# Houston, We have a problem..........



## FinnTastic (Apr 20, 2009)

bumping up for poor Nick. Hoping there is someone who can help him with his issues.


----------



## Karen519 (Aug 21, 2006)

*Wlr*

WLR

He is a beauty!! Did you contact all of the Golden Ret. Rescues about him?
Doesn't sound like he has much time left!!

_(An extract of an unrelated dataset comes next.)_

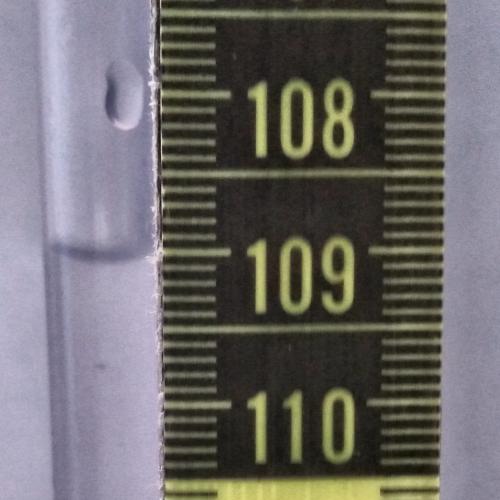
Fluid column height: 109.0 cm

When I adopted my Smooch might have been labeled food aggressive-she was a stray and probably had to fight to stay alive. I've never had a problem with my two eating together.


----------



## BeauShel (May 20, 2007)

bumping up


----------



## Laurie (Sep 20, 2009)

He's gorgeous....hopefully somebody will come forth and rescue him. Poor boy.


----------



## Florabora22 (Nov 30, 2008)

Food aggression in my opinion is not something a dog should be PTS for. I hope something can be done for this boy.


----------



## FinnTastic (Apr 20, 2009)

Is there someone there that can work on it with him?


----------



## WLR (May 11, 2008)

Nick is gone.


----------



## goldencontriever3 (Nov 7, 2008)

Oh I am so sorry. How tragic! I wished we could have helped this poor boy.

RIP Nick


----------



## WLR (May 11, 2008)

Yeah, me too. 
We had a great walk together early last week and you never would have known.....even took a couple cookies with out any issues.
But the professional evaluator discovered he had SEVERE food aggression.
BCAS made the attempt to get him pulled, but most rescues do not want, nor can they deal with this kind of issue and BCAS doesnt take putting an animal down lightly. 
I stopped in to check on him Sunday but was told he was no longer "available". 
I feel he was already gone as driving home I saw one of those sun dogs high in the cirrus clouds....just like when Max had to be put down at Wayne Animal Shelter.
Rest in peace Nick. 
It was your "owner" who screwed up. It wasn't your fault.


----------



## BeauShel (May 20, 2007)

Run free at the Bridge Nick. Eat all the cookies you want.  So sorry your humans failed you


----------



## Karen519 (Aug 21, 2006)

*Bill*

Bill

Bless you for trying to help Nick.
Rest in peace, Sweet Nick. Eat everything you want at the Rainbow Bridge and please become pals with my Snobear!!


----------



## C's Mom (Dec 7, 2009)

Heartbreaking. Such a beautiful young dog. RIP handsome boy.


----------



## GoldensGirl (Aug 2, 2010)

Poor baby. I am simply stunned that a shelter would end a life while people are still trying to help, especially when the issue is food aggression. If we did this with people, it would be considered inhumane.

Lucy


----------